All the charities I have worked with have been affected during lockdown and the charity classes, which in the first three months, delivered free yoga with a donation encouraged to a different charity each week, have been really popular - my biggest class had 33 people sign up! It is through these charities that I have taken part in online festivals (Forever Stars) Refugee Week (Refugee Roots), delivered chair yoga and mindfulness for carehomes and private one to one online classes.
As lockdown extends I'm continuing to offer classes on a PWYC basis as I cannot justify charging regular prices when so many people have been furloughed or let go and I wouldn’t want to. It is so much more important that people attend the classes than be missed because they couldn’t afford the class. Everyone is welcome regardless.
Credit: Angela Shepherd (@angela_luci_shepherd)

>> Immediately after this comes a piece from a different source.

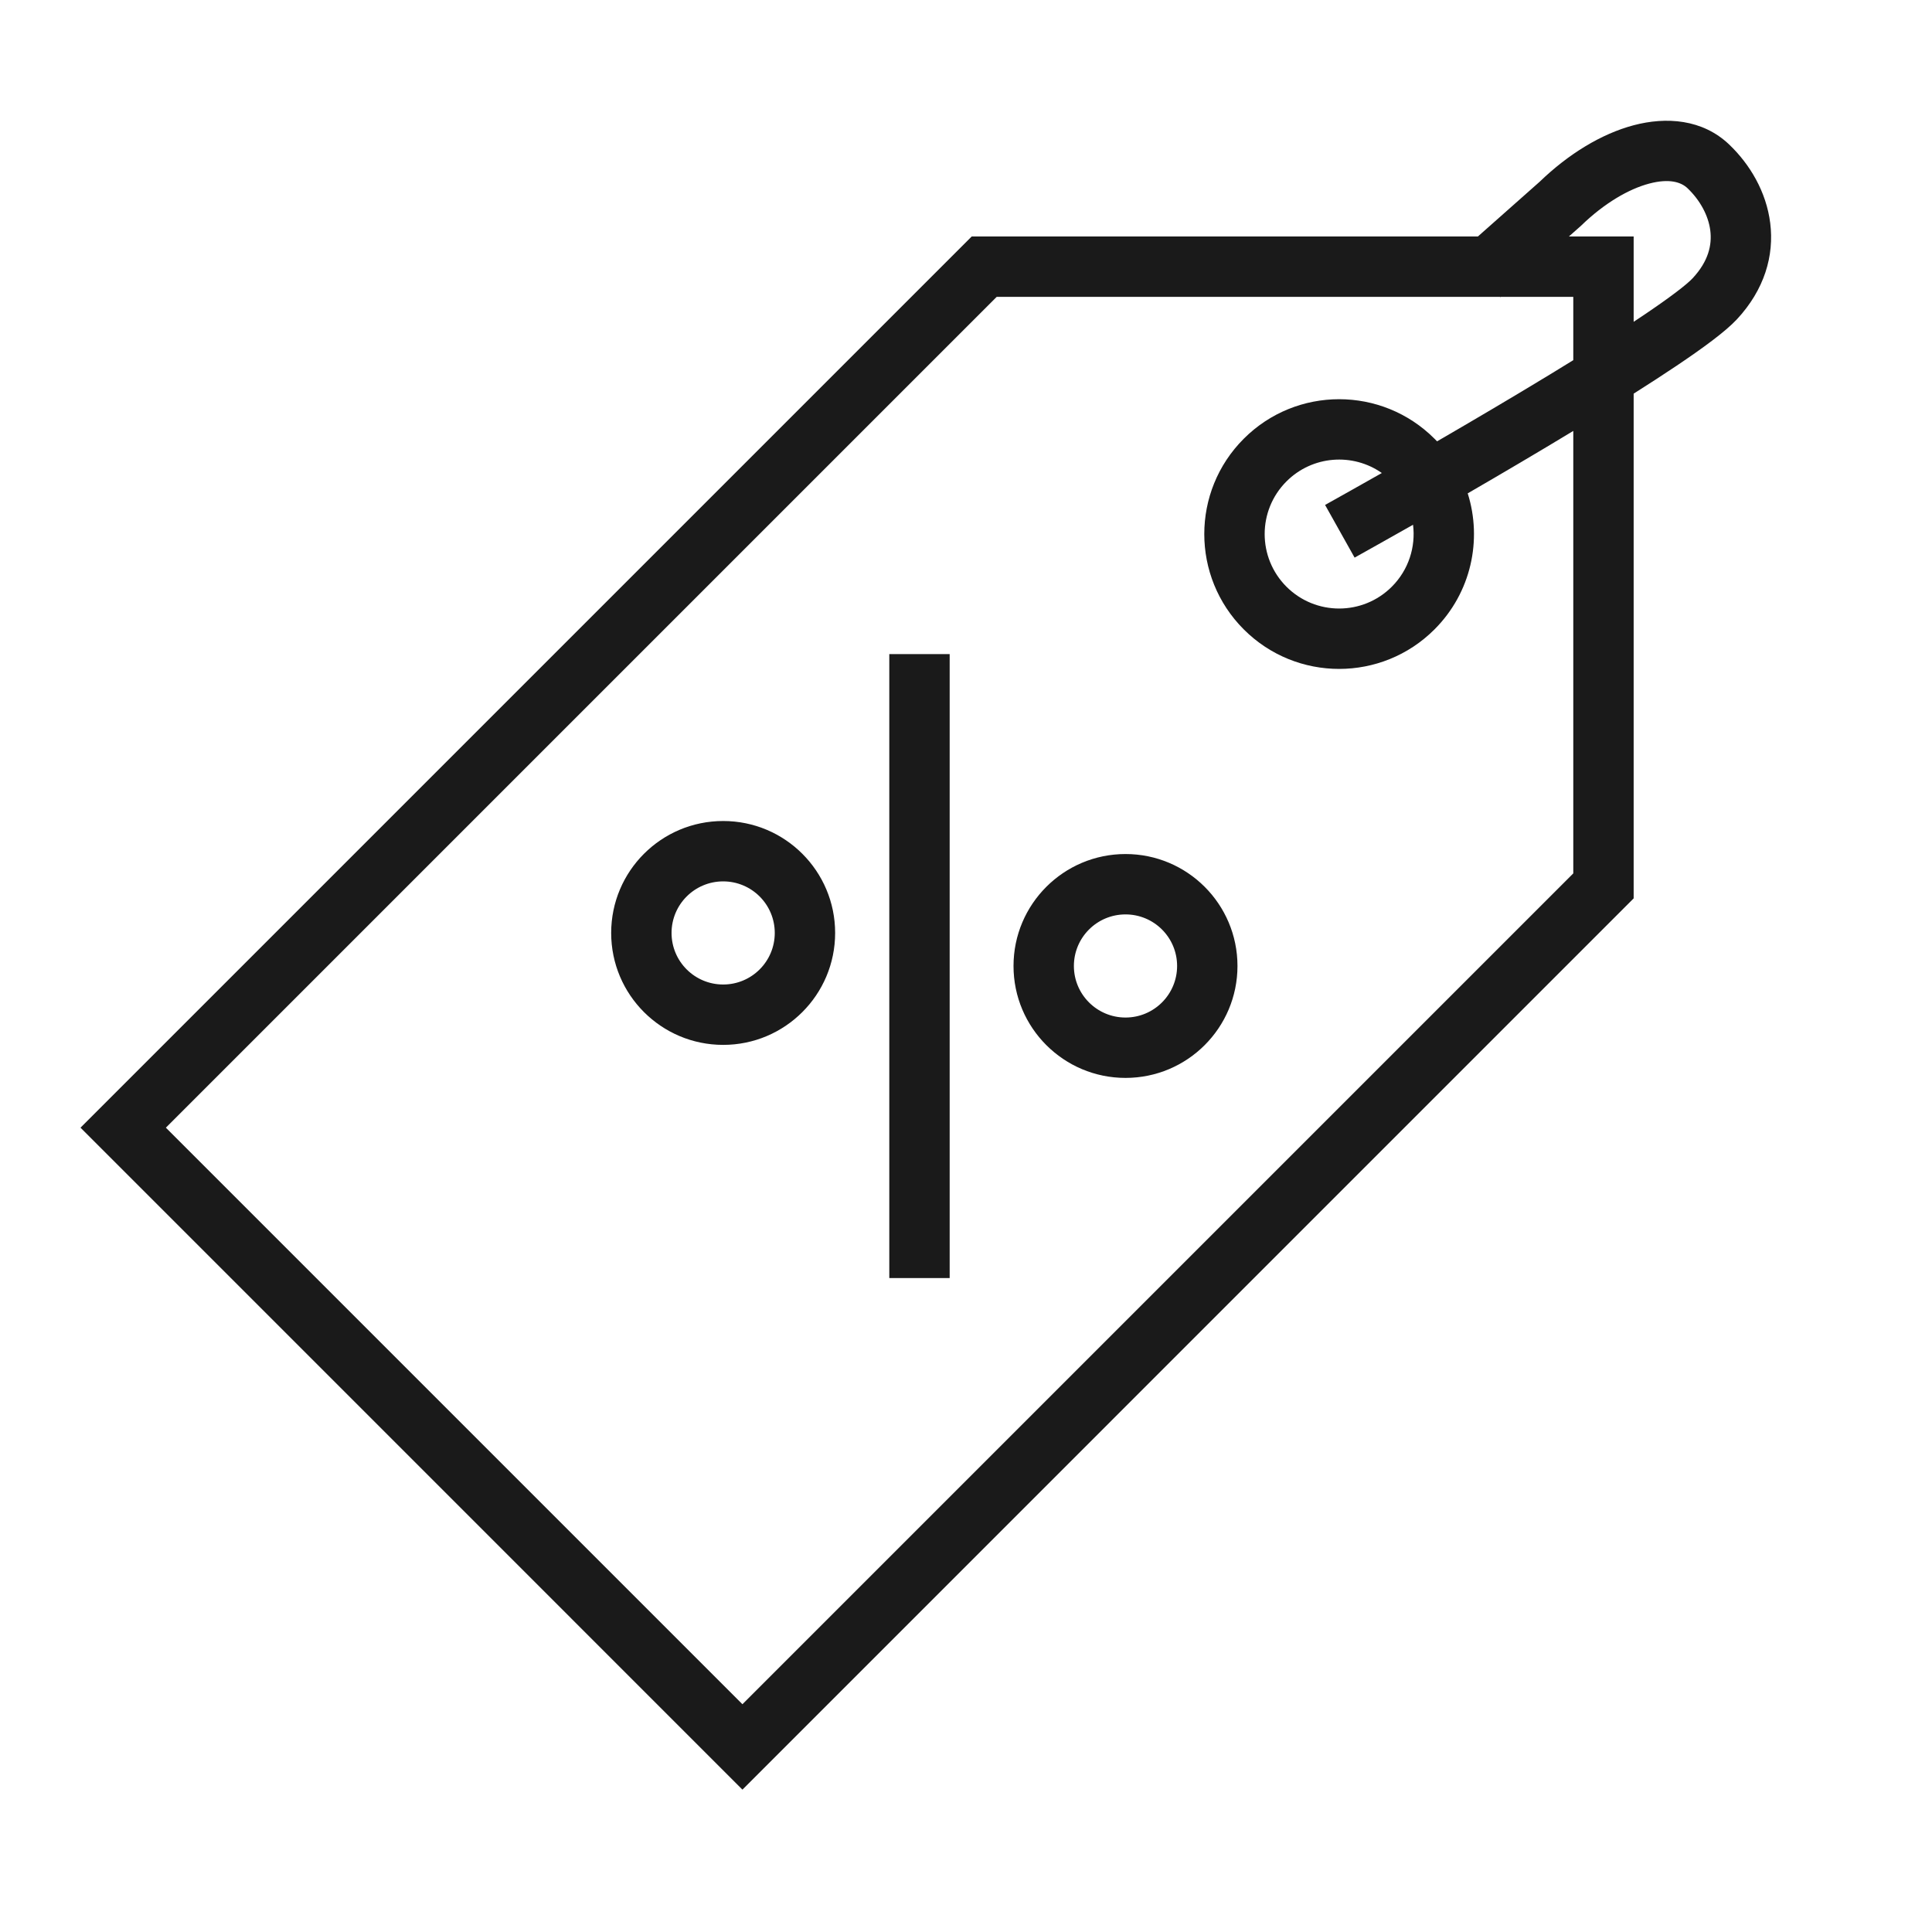 <svg width="64" height="64" viewBox="0 0 64 64" fill="none" xmlns="http://www.w3.org/2000/svg">
<g id="icon_bestprice">
<path id="Vector" fill-rule="evenodd" clip-rule="evenodd" d="M57.282 4.788C56.396 3.943 55.192 3.864 54.117 4.149C53.045 4.433 51.953 5.104 51.005 6.019L49.125 7.685L48.958 7.833H32.604H32.19L31.897 8.126L3.374 36.649L2.667 37.356L3.374 38.063L23.887 58.577L24.594 59.284L25.301 58.577L53.824 30.053L54.117 29.76V29.346V13.04C54.631 12.715 55.111 12.403 55.542 12.114C56.398 11.539 57.153 10.989 57.534 10.581C58.451 9.597 58.776 8.468 58.641 7.391C58.511 6.349 57.963 5.438 57.282 4.788ZM54.117 10.66C54.223 10.59 54.327 10.521 54.427 10.454C55.318 9.855 55.874 9.429 56.071 9.217C56.598 8.652 56.715 8.108 56.656 7.639C56.593 7.136 56.313 6.628 55.901 6.235C55.694 6.037 55.305 5.903 54.63 6.082C53.959 6.26 53.15 6.725 52.381 7.471L52.365 7.486L52.348 7.501L51.973 7.833H53.117H54.117V8.833V10.66ZM49.717 9.833H52.117V11.931C51.863 12.088 51.603 12.247 51.339 12.408C50.114 13.153 48.809 13.922 47.605 14.62C47.577 14.591 47.548 14.561 47.519 14.533C45.775 12.788 42.946 12.788 41.202 14.533C39.457 16.277 39.457 19.105 41.202 20.85C42.946 22.595 45.775 22.595 47.519 20.85C48.739 19.631 49.106 17.881 48.62 16.343C49.747 15.69 50.96 14.976 52.117 14.275V28.932L24.594 56.455L5.495 37.356L33.018 9.833H49.692L49.703 9.845L49.717 9.833ZM45.775 15.669C45.414 15.875 45.075 16.066 44.767 16.238L43.895 16.727L44.873 18.472L45.745 17.983C46.069 17.802 46.426 17.6 46.809 17.383C46.9 18.113 46.666 18.875 46.105 19.436C45.142 20.399 43.58 20.399 42.616 19.436C41.653 18.472 41.653 16.91 42.616 15.947C43.476 15.087 44.813 14.994 45.775 15.669ZM31.459 22.668V21.668H29.459V22.668V41.337V42.337H31.459V41.337V22.668ZM22.246 30.905C22.246 29.962 23.011 29.197 23.956 29.197C24.901 29.197 25.665 29.962 25.665 30.905C25.665 31.848 24.901 32.613 23.956 32.613C23.011 32.613 22.246 31.848 22.246 30.905ZM23.956 27.197C21.907 27.197 20.246 28.856 20.246 30.905C20.246 32.953 21.907 34.613 23.956 34.613C26.004 34.613 27.665 32.953 27.665 30.905C27.665 28.856 26.004 27.197 23.956 27.197ZM37.284 30.291C36.339 30.291 35.574 31.056 35.574 31.999C35.574 32.941 36.339 33.707 37.284 33.707C38.229 33.707 38.993 32.941 38.993 31.999C38.993 31.056 38.229 30.291 37.284 30.291ZM33.574 31.999C33.574 29.951 35.236 28.291 37.284 28.291C39.332 28.291 40.993 29.951 40.993 31.999C40.993 34.047 39.332 35.707 37.284 35.707C35.236 35.707 33.574 34.047 33.574 31.999Z" fill="#1A1A1A"/>
</g>
</svg>

What advice would you give for other mothers who are considering starting their own business?
I haven’t met a mother yet who doesn’t realise how special she really is. So I would say value yourself. This is advice that is, of course, easier said than done, but there are ways in which you may be able do this:
- Find free courses to enhance your education, to give you the confidence to speak up (Open University has lots of great online courses such as starting your own business).
- Don’t apologise for wanting to speak up, try and avoid starting an email with ‘no worries if not but…’, and don’t undersell yourself for fear of asking seeming too cheeky.
- Make diversity a value for your company, don’t be afraid to change your opinion when faced with new information and finally value and support community. When I first started to grow, my outreach goal was growing my social media channels, but my most loyal customers are those on my own doorstep, people from local businesses and charities that I have worked with who now join my classes every week.